I'm not sure if I'll post again this week. You never know with me, do you? If I don't return before Thursday, I'd like to wish all my American readers the very happiest of Thanksgivings. As for the rest of you, have a swell Thursday.

Next Monday is my birthday. Warning: it's kind of a bad one. Here's hoping I make it to then. I'm not counting those chickens before they hatch. They are not in fact spring chickens, after all.

Note: This is not a chicken, spring or otherwise.

November 15, 2012

Movember monster face

Yes, it's November, which means that for the second year in a row, I'm growing a sad little creature on my lip in the cause of promoting men's health (my own sickly facial hair notwithstanding) for Movember.

This year's timing couldn't be more challenging, with the very real need for charitable donation for the victims of Hurricane Sandy. (I've said it time and time again, but killer storms really do need more badass names, like Vladimir or Spike.) As a result, I'm not surprised or disappointed by the lack of Movember donations this year. Still, it's a good cause and I hoping to make a little difference as the rest of the month presses on.

To that end, I wrote a brief little guest post for the folks over at Totsy regarding my own reasons for getting involved in the Movember project. I'm grateful to them for asking for my input.

I realized this year what I was shooting for with my own facial atrocity. I'm not looking for some big Joseph Stalin, Magnum P.I., Sam Elliott level moustache. I'll settle for the Principal Rooney. Save Ferris!

November 12, 2012

The Teachable Moment

Today at Support for Special Needs, I discuss what is probably my worst skill as a special needs parent and advocate: the ability to transcend "Caveman Dad" mode and embrace the teachable moment.

Jesus Howard Christ, am I terrible at the teachable moment. In that situation, I achieve near perfection as a cautionary tale. (Good news: THAT is probably my greatest strength. Well, someone's got to do it.)

Caveman Dad procures a rug, which will really tie the cave together.

November 7, 2012

"Hope is that stubborn thing inside us..."

"I have never been more hopeful about America. And I ask you to sustain that hope. I'm not talking about blind optimism, the kind of hope that just ignores the enormity of the tasks ahead or the roadblocks that stand in our path.
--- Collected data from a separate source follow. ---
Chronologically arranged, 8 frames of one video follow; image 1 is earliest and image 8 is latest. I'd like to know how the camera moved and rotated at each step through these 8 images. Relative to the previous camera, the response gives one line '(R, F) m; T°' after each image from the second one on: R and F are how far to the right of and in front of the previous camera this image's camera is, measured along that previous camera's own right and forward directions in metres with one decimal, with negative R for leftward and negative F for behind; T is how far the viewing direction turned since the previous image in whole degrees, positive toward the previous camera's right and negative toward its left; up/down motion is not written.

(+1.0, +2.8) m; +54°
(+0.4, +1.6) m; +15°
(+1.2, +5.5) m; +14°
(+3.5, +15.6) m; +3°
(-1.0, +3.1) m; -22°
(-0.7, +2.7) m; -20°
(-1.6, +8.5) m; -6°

I'm not talking about the wishful idealism that allows us to just sit on the sidelines or shirk from a fight.

"I have always believed that hope is that stubborn thing inside us that insists, despite all the evidence to the contrary, that something better awaits us so long as we have the courage to keep reaching, to keep working, to keep fighting.
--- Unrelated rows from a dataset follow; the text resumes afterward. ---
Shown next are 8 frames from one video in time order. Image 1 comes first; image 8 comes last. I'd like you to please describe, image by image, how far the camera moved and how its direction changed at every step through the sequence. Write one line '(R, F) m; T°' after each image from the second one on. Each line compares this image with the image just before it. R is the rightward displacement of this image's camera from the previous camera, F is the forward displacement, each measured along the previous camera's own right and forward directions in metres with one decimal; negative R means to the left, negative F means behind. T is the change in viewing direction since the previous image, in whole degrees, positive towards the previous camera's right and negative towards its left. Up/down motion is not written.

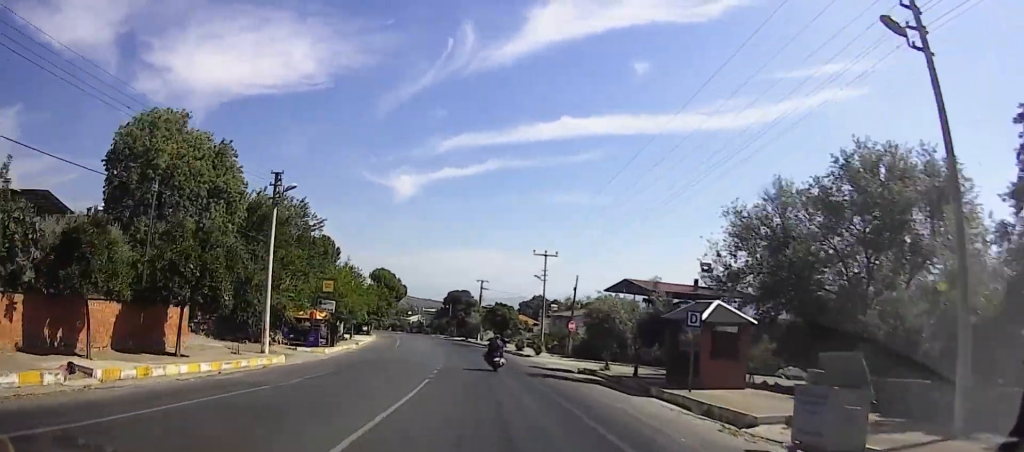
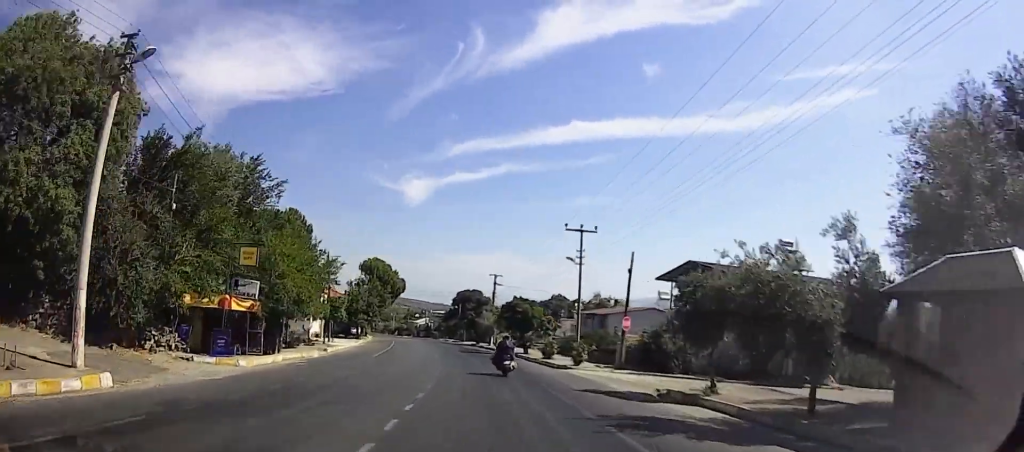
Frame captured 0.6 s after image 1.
(+2.2, +13.4) m; +7°
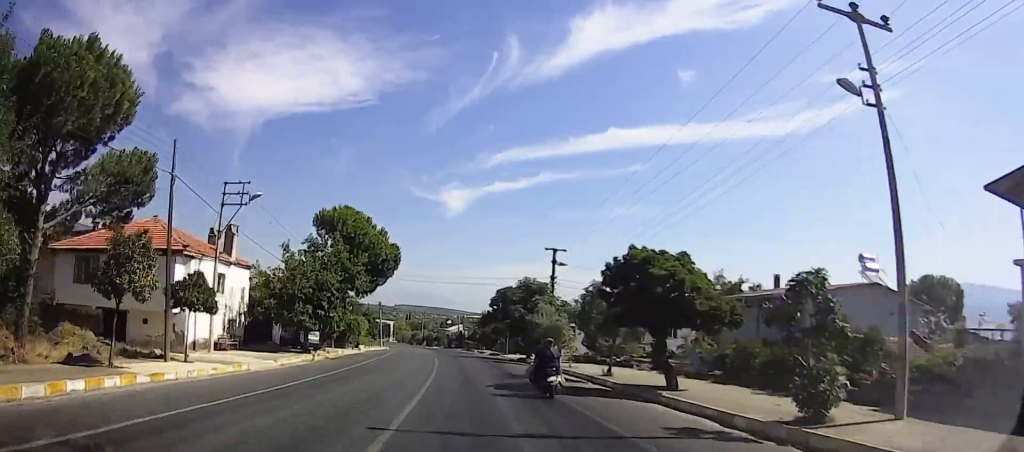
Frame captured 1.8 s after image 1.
(+0.5, +29.8) m; -13°
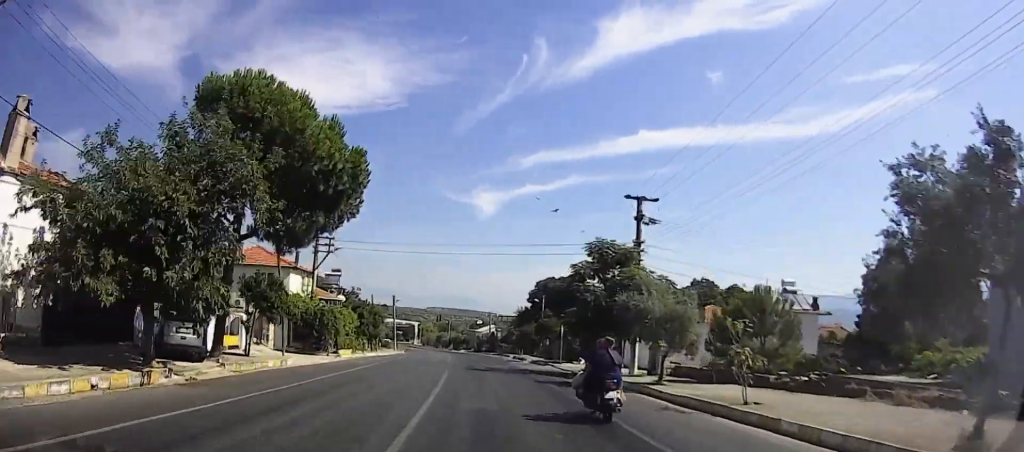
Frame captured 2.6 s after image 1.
(-4.7, +18.5) m; -13°
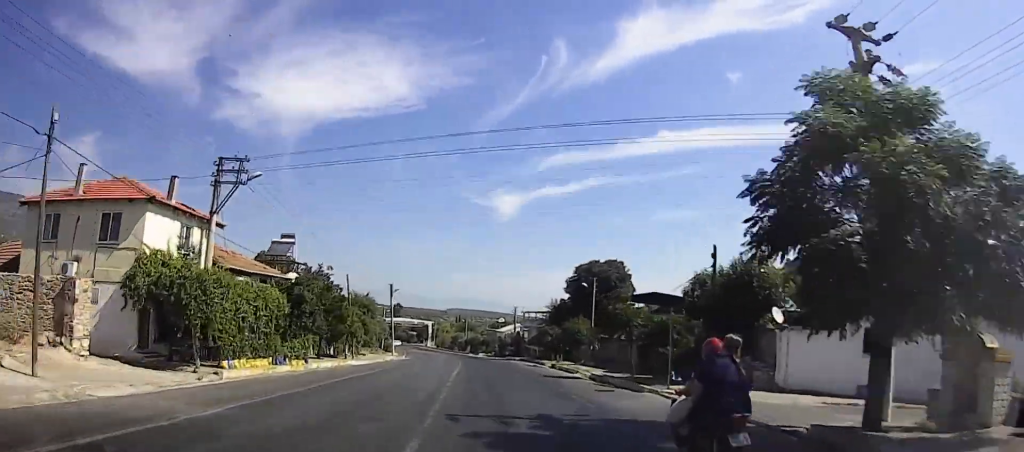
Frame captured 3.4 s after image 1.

"America, I believe we can build on the progress we've made and continue to fight for new jobs and new opportunity and new security for the middle class. I believe we can keep the promise of our founders, the idea that if you're willing to work hard, it doesn't matter who you are or where you come from or what you look like or where you love. It doesn't matter whether you're black or white or Hispanic or Asian or Native American or young or old or rich or poor, able, disabled, gay or straight, you can make it here in America if you're willing to try.
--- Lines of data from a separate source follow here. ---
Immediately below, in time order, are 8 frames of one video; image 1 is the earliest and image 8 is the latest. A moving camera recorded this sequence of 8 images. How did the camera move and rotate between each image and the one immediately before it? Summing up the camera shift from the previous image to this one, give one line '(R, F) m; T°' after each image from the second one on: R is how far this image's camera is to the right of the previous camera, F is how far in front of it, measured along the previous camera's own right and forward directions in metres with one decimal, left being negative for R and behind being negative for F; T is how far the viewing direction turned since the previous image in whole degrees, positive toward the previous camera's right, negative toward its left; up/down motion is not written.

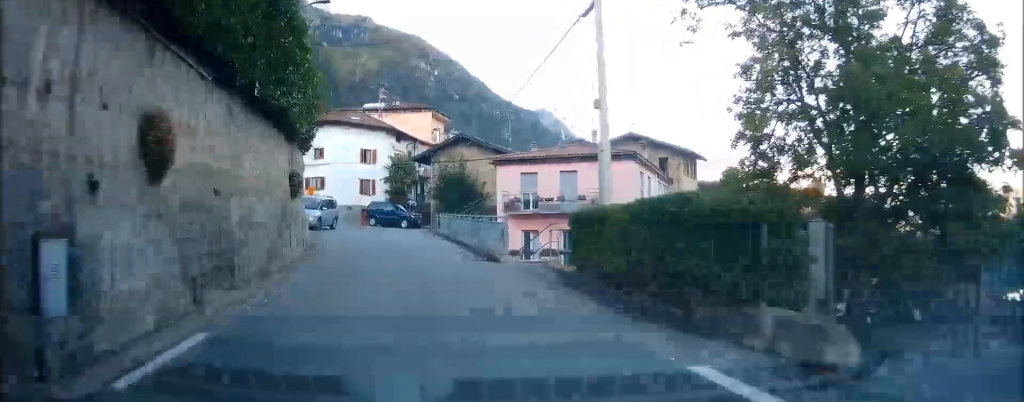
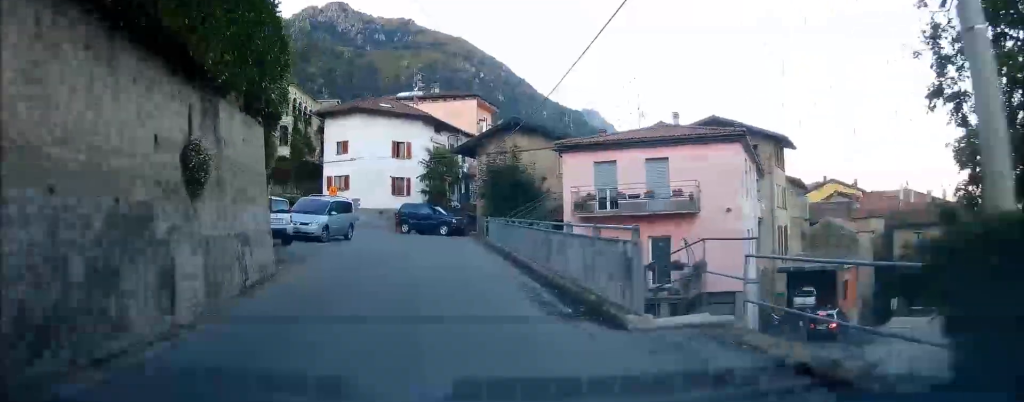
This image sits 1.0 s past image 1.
(-0.5, +8.6) m; -2°
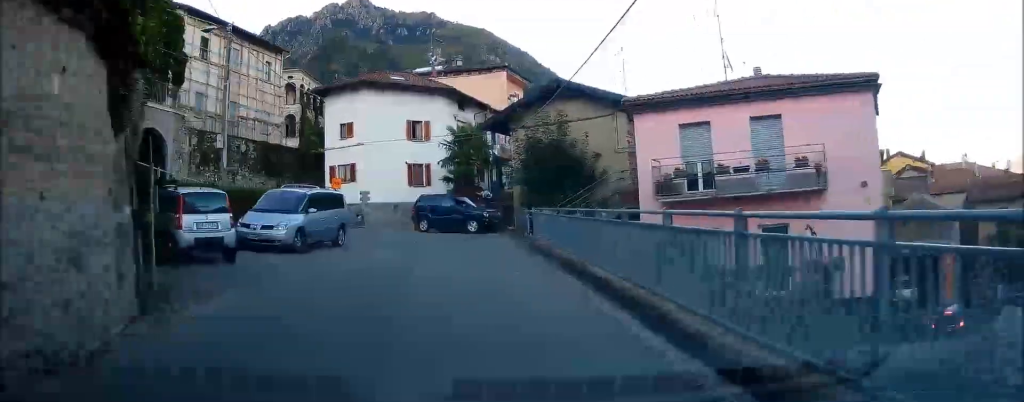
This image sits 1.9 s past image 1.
(+0.1, +8.1) m; +3°
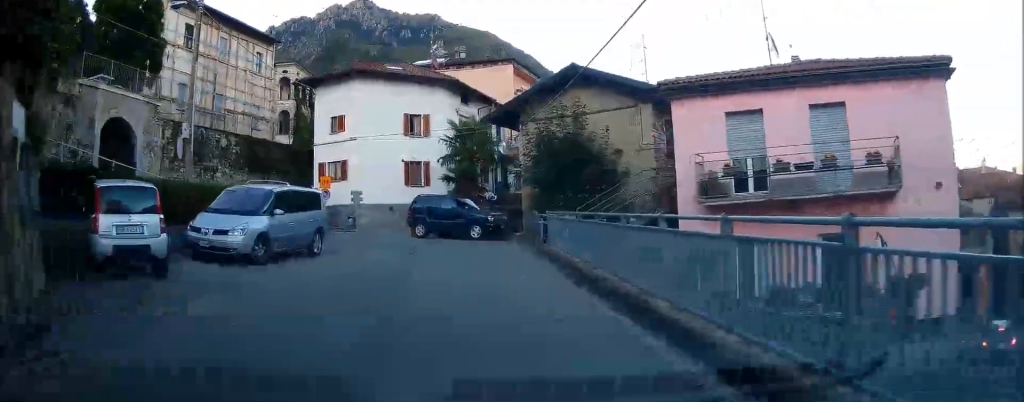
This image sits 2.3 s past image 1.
(+0.2, +3.6) m; +1°
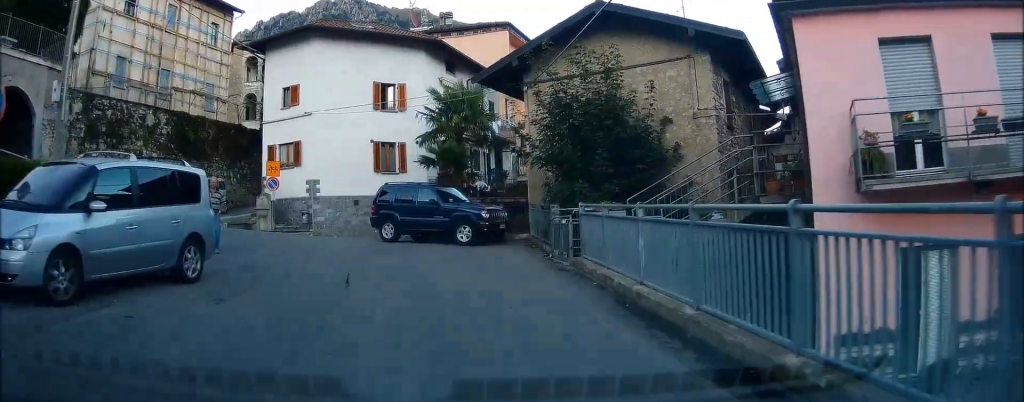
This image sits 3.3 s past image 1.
(+0.1, +7.6) m; -2°
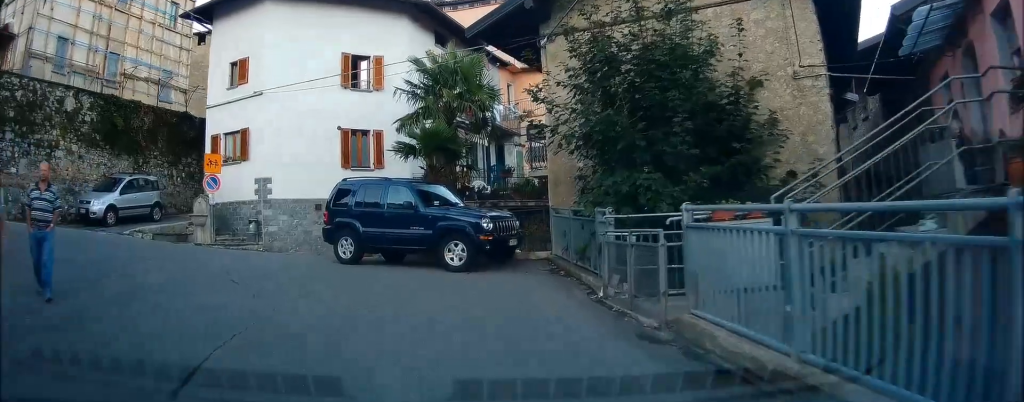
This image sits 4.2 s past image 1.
(-0.3, +6.5) m; -2°
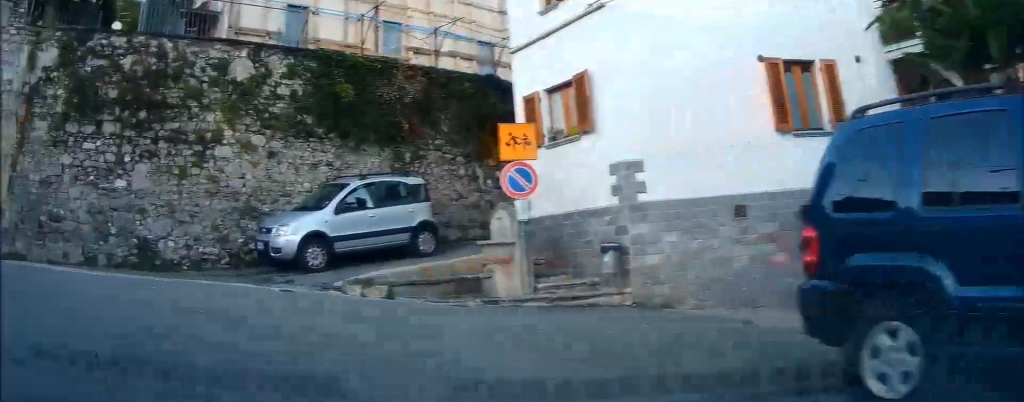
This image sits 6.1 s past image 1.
(-0.6, +10.9) m; -25°
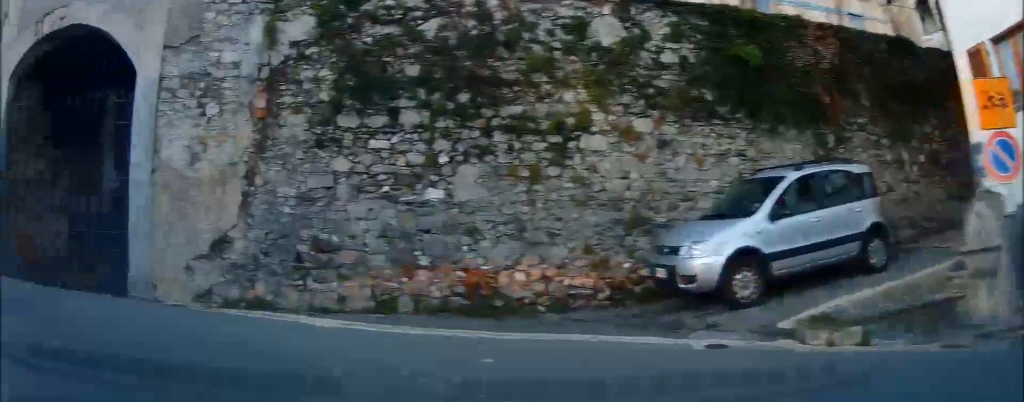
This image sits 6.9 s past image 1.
(-0.5, +3.2) m; -37°

"I believe we can seize this future together because we are not as divided as our politics suggests. We're not as cynical as the pundits believe. We are greater than the sum of our individual ambitions, and we remain more than a collection of red states and blue states. We are and forever will be the United States of America."


President Barack Obama
November 6, 2012



November 5, 2012

Glitch

Today at Support for Special Needs, we meet Vanellope von Schweetz, a character from the new Disney animated feature Wreck It Ralph and the most recent fictional character with whom Schuyler found herself strongly identifying. Vanellope joins the club along with Ariel the mermaid, Nemo, Tinker Bell, Pinocchio, and Scout Finch (or perhaps Boo Radley, if we're really being honest here).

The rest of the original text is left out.